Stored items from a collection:
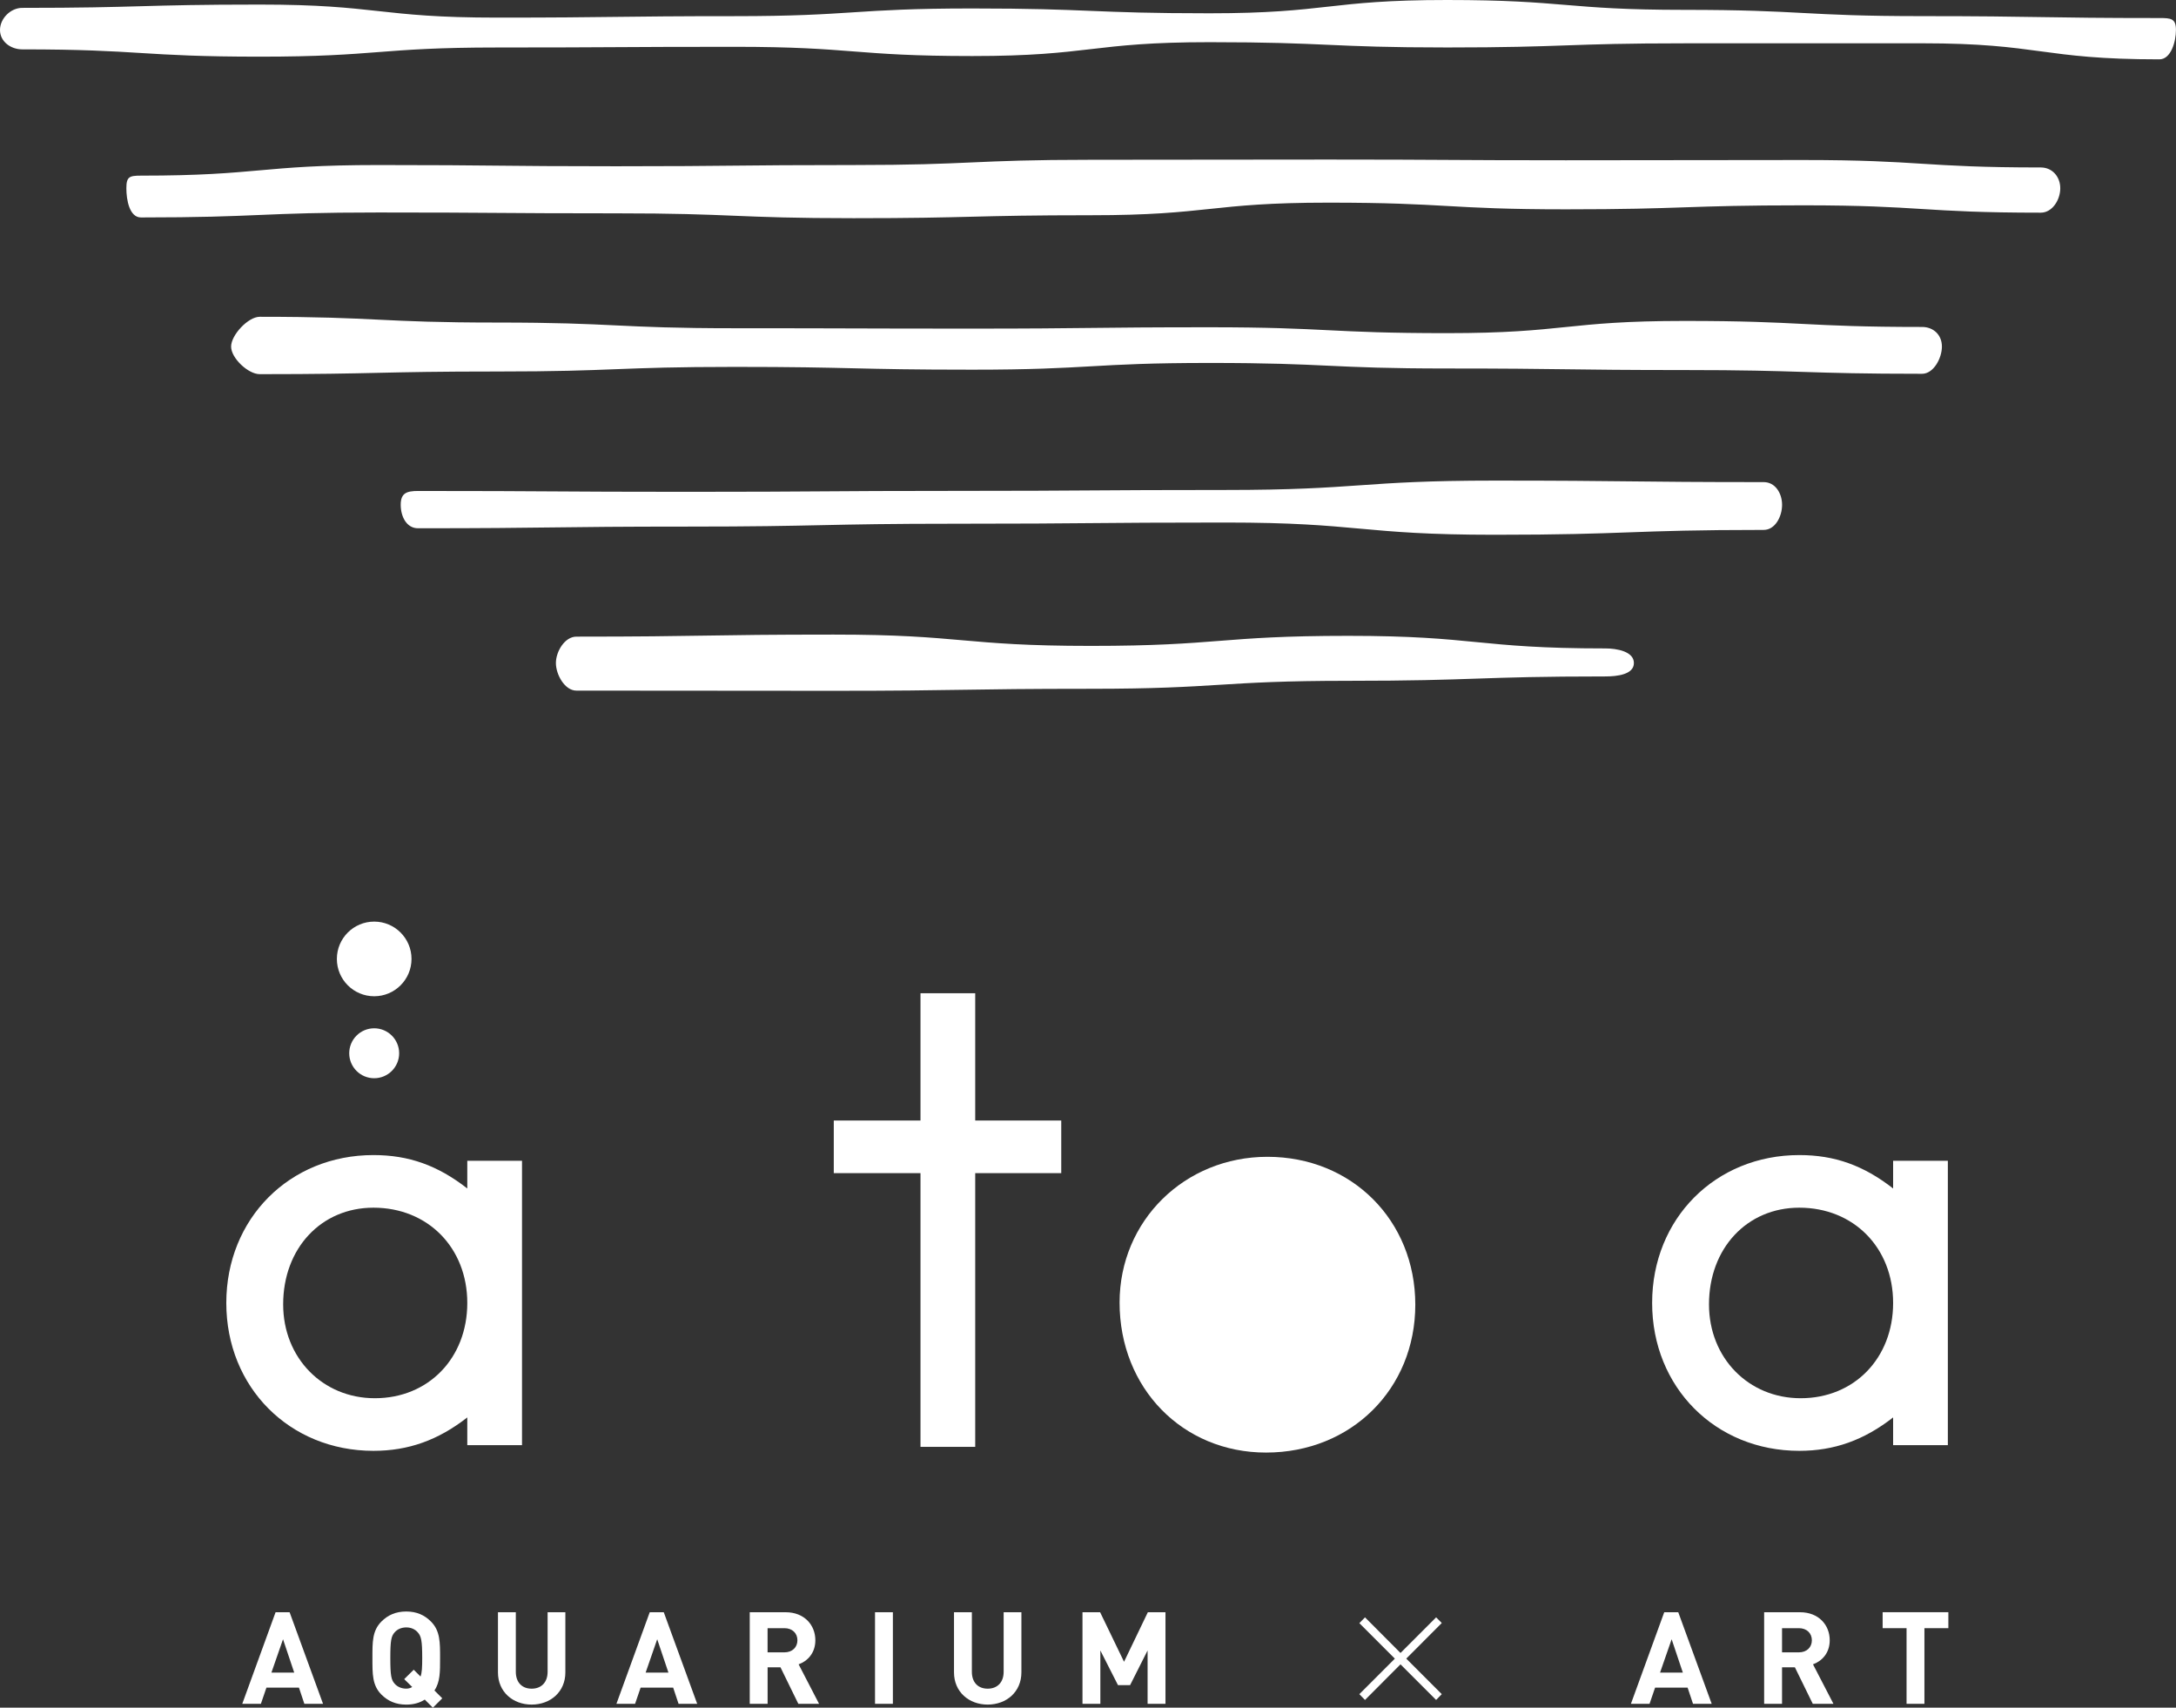 <?xml version="1.0" encoding="utf-8"?>
<!-- Generator: Adobe Illustrator 25.2.3, SVG Export Plug-In . SVG Version: 6.00 Build 0)  -->
<svg version="1.1" id="レイヤー_1" xmlns="http://www.w3.org/2000/svg" xmlns:xlink="http://www.w3.org/1999/xlink" x="0px"
	 y="0px" viewBox="0 0 766.16 601.17" style="enable-background:new 0 0 766.16 601.17;" xml:space="preserve">
<rect x="0" y="0" width="766.16" height="601.17" fill="#333333" stroke="none"/>
<style type="text/css">
	.st0{fill:#fff;}
	.st1{fill:#fff;}
	.st2{fill:#fff;}
</style>
<g>
	<g>
		<path class="st0" d="M107.16,599.81l-1.9-5.7H93.81l-1.95,5.7h-6.56l11.73-32.24h4.94l11.77,32.24H107.16z M99.65,577.08
			l-4.08,11.73h8.02L99.65,577.08z"/>
		<path class="st1" d="M152.42,601.17l-2.86-2.85c-1.81,1.18-3.99,1.77-6.52,1.77c-3.66,0-6.47-1.26-8.74-3.53
			c-3.26-3.26-3.17-7.29-3.17-12.86c0-5.57-0.09-9.6,3.17-12.86c2.26-2.27,5.07-3.53,8.74-3.53c3.67,0,6.43,1.26,8.69,3.53
			c3.26,3.26,3.22,7.29,3.22,12.86c0,4.84,0.04,8.42-1.99,11.41l2.76,2.76L152.42,601.17z M147.07,574.63
			c-0.91-1.04-2.31-1.72-4.03-1.72c-1.72,0-3.17,0.68-4.07,1.72c-1.22,1.36-1.54,2.85-1.54,9.06s0.32,7.7,1.54,9.06
			c0.91,1.04,2.35,1.72,4.07,1.72c0.77,0,1.5-0.19,2.09-0.59l-2.81-2.76l3.35-3.31l2.4,2.4c0.5-1.4,0.59-3.26,0.59-6.52
			C148.66,577.48,148.3,575.99,147.07,574.63z"/>
		<path class="st1" d="M187.19,600.08c-6.61,0-11.86-4.48-11.86-11.32v-21.19h6.29v20.97c0,3.72,2.17,5.94,5.57,5.94
			c3.4,0,5.62-2.22,5.62-5.94v-20.97h6.25v21.19C199.06,595.6,193.81,600.08,187.19,600.08z"/>
		<path class="st1" d="M238.92,599.81l-1.9-5.7h-11.46l-1.95,5.7h-6.57l11.73-32.24h4.94l11.77,32.24H238.92z M231.4,577.08
			l-4.07,11.73h8.02L231.4,577.08z"/>
		<path class="st1" d="M281.09,599.81l-6.29-12.86h-4.53v12.86h-6.29v-32.24h12.64c6.56,0,10.46,4.48,10.46,9.87
			c0,4.52-2.76,7.33-5.89,8.47l7.2,13.9H281.09z M276.2,573.18h-5.94v8.51h5.94c2.76,0,4.57-1.77,4.57-4.25
			C280.77,574.95,278.96,573.18,276.2,573.18z"/>
		<path class="st1" d="M308.09,599.81v-32.24h6.29v32.24H308.09z"/>
		<path class="st1" d="M347.76,600.08c-6.61,0-11.86-4.48-11.86-11.32v-21.19h6.29v20.97c0,3.72,2.17,5.94,5.57,5.94
			c3.4,0,5.62-2.22,5.62-5.94v-20.97h6.25v21.19C359.63,595.6,354.37,600.08,347.76,600.08z"/>
		<path class="st1" d="M404.06,599.81v-18.79l-6.16,12.22h-4.26l-6.21-12.22v18.79h-6.29v-32.24h6.21l8.42,17.44l8.38-17.44h6.21
			v32.24H404.06z"/>
		<path class="st1" d="M507.64,596.41l-1.99,2.04l-12.54-12.54l-12.5,12.54l-1.99-2.04l12.5-12.5l-12.5-12.5l1.99-2.04l12.5,12.54
			l12.54-12.54l1.99,1.99l-12.5,12.54L507.64,596.41z"/>
		<path class="st0" d="M596.1,599.81l-1.9-5.7h-11.45l-1.95,5.7h-6.56l11.73-32.24h4.94l11.77,32.24H596.1z M588.58,577.08
			l-4.08,11.73h8.02L588.58,577.08z"/>
		<path class="st1" d="M638.27,599.81l-6.3-12.86h-4.52v12.86h-6.3v-32.24h12.63c6.57,0,10.46,4.48,10.46,9.87
			c0,4.52-2.76,7.33-5.89,8.47l7.2,13.9H638.27z M633.38,573.18h-5.93v8.51h5.93c2.76,0,4.57-1.77,4.57-4.25
			C637.95,574.95,636.14,573.18,633.38,573.18z"/>
		<path class="st1" d="M677.58,573.18v26.63h-6.29v-26.63h-8.42v-5.62h23.14v5.62H677.58z"/>
	</g>
	<g>
		<g>
			<path class="st2" d="M7.83,2.77c41.8,0,41.8-1.16,83.59-1.16c41.8,0,41.8,4.59,83.6,4.59c41.8,0,41.8-0.51,83.6-0.51
				c41.81,0,41.81-2.71,83.61-2.71c41.8,0,41.8,1.7,83.59,1.7c41.81,0,41.81-4.68,83.62-4.68c41.81,0,41.81,3.47,83.62,3.47
				c41.82,0,41.82,2.21,83.63,2.21c41.82,0,41.82,0.67,83.63,0.67c4.07,0,5.82,0.14,5.82,4.21s-1.75,10.33-5.82,10.33
				c-41.8,0-41.8-5.65-83.59-5.65c-41.8,0-41.8,0.01-83.6,0.01c-41.8,0-41.8,1.46-83.6,1.46c-41.81,0-41.81-1.86-83.61-1.86
				c-41.8,0-41.8,4.88-83.59,4.88c-41.81,0-41.81-3.25-83.62-3.25c-41.81,0-41.81,0.24-83.62,0.24c-41.82,0-41.82,3.23-83.63,3.23
				c-41.82,0-41.82-2.57-83.63-2.57C3.76,17.38,0,14.63,0,10.56C0,6.49,3.76,2.77,7.83,2.77z"/>
		</g>
		<g>
			<path class="st0" d="M49.64,61.83c41.8,0,41.8-3.73,83.6-3.73c41.8,0,41.8,0.43,83.6,0.43c41.81,0,41.81-0.43,83.61-0.43
				c41.79,0,41.79-1.85,83.59-1.85c41.81,0,41.81-0.08,83.62-0.08c41.81,0,41.81,0.25,83.62,0.25c41.82,0,41.82-0.09,83.63-0.09
				s41.82,2.62,83.63,2.62c4.07,0,6.87,3.26,6.87,7.33s-2.8,8.59-6.87,8.59c-41.8,0-41.8-2.59-83.6-2.59
				c-41.8,0-41.8,1.41-83.6,1.41c-41.81,0-41.81-2.35-83.61-2.35c-41.79,0-41.79,4.43-83.59,4.43c-41.81,0-41.81,1.04-83.62,1.04
				c-41.81,0-41.81-1.71-83.62-1.71c-41.82,0-41.82-0.3-83.63-0.3c-41.82,0-41.82,1.75-83.63,1.75c-4.07,0-5.15-6.21-5.15-10.28
				S45.57,61.83,49.64,61.83z"/>
		</g>
		<g>
			<path class="st0" d="M91.45,111.52c41.8,0,41.8,2.03,83.6,2.03c41.8,0,41.8,2,83.61,2c41.79,0,41.79,0.13,83.59,0.13
				c41.81,0,41.81-0.47,83.61-0.47c41.81,0,41.81,2.07,83.62,2.07c41.82,0,41.82-4.3,83.63-4.3c41.82,0,41.82,2.12,83.63,2.12
				c4.07,0,7,2.83,7,6.9s-2.92,9.59-7,9.59c-41.8,0-41.8-1.32-83.6-1.32c-41.8,0-41.8-0.55-83.61-0.55
				c-41.79,0-41.79-1.95-83.59-1.95c-41.81,0-41.81,2.37-83.61,2.37c-41.81,0-41.81-0.98-83.62-0.98c-41.82,0-41.82,1.62-83.63,1.62
				s-41.82,0.94-83.63,0.94c-4.07,0-10.08-5.64-10.08-9.71S87.37,111.52,91.45,111.52z"/>
		</g>
		<g>
			<path class="st1" d="M147.18,172.84c47.38,0,47.38,0.3,94.76,0.3c47.38,0,47.38-0.33,94.75-0.33c47.38,0,47.38-0.32,94.76-0.32
				c47.39,0,47.39-3.3,94.77-3.3c47.39,0,47.39,0.53,94.77,0.53c4.07,0,6.47,3.93,6.47,8c0,4.07-2.4,8.83-6.47,8.83
				c-47.38,0-47.38,1.71-94.76,1.71c-47.38,0-47.38-4.31-94.75-4.31c-47.38,0-47.38,0.42-94.76,0.42c-47.39,0-47.39,1.01-94.77,1.01
				c-47.39,0-47.39,0.59-94.77,0.59c-4.07,0-6.09-4.18-6.09-8.26C141.09,173.63,143.11,172.84,147.18,172.84z"/>
		</g>
		<g>
			<path class="st1" d="M202.93,224.12c45.28,0,45.28-0.72,90.57-0.72c45.29,0,45.29,3.98,90.57,3.98c45.29,0,45.29-3.54,90.59-3.54
				s45.29,4.43,90.59,4.43c4.07,0,10.04,1.07,10.04,5.14c0,4.07-5.97,4.72-10.04,4.72c-45.28,0-45.28,1.54-90.57,1.54
				c-45.29,0-45.29,2.81-90.57,2.81c-45.29,0-45.29,0.71-90.59,0.71c-45.29,0-45.29-0.07-90.59-0.07c-4.07,0-7.2-5.64-7.2-9.71
				C195.73,229.35,198.86,224.12,202.93,224.12z"/>
		</g>
	</g>
	<g>
		<g>
			<g>
				<g>
					<path class="st1" d="M131.49,510.75c-29.54,0-51.81-22.38-51.81-52.06s22.27-52.06,51.81-52.06c12.43,0,22.62,3.63,33.04,11.76
						v-9.76h19.27v100.12h-19.27v-9.76C154.26,507.01,143.76,510.75,131.49,510.75z M131.49,425.15
						c-18.42,0-31.79,14.32-31.79,34.04c0,18.83,13.88,33.04,32.29,33.04c18.85,0,32.54-14.11,32.54-33.54
						C164.53,439.25,150.64,425.15,131.49,425.15z"/>
					<polygon class="st0" points="324.1,509.35 324.1,412.99 293.57,412.99 293.57,394.47 324.1,394.47 324.1,349.66 343.37,349.66
						343.37,394.47 373.66,394.47 373.66,412.99 343.37,412.99 343.37,509.35 					"/>
					<path class="st0" d="M445.76,511.36c-29.39,0-51.56-22.7-51.56-52.81c0-28.77,22.87-51.31,52.06-51.31
						c29.68,0,52.06,22.38,52.06,52.06S475.73,511.36,445.76,511.36z"/>
					<path class="st1" d="M633.52,510.75c-29.54,0-51.81-22.38-51.81-52.06s22.27-52.06,51.81-52.06c12.43,0,22.62,3.63,33.04,11.76
						v-9.76h19.27v100.12h-19.27v-9.76C656.29,507.01,645.79,510.75,633.52,510.75z M633.52,425.15
						c-18.42,0-31.79,14.32-31.79,34.04c0,18.83,13.88,33.04,32.29,33.04c18.85,0,32.54-14.11,32.54-33.54
						C666.56,439.25,652.67,425.15,633.52,425.15z"/>
				</g>
			</g>
		</g>
		<circle class="st1" cx="131.75" cy="337.58" r="13.14"/>
		<circle class="st1" cx="131.75" cy="370.79" r="8.79"/>
	</g>
</g>
</svg>

DIRECTIONS FOR THIS TASK ▸ The answer is a bare number: how many lines of the records contain the string "fill"?

EXERCISE OUTPUT ▸ 4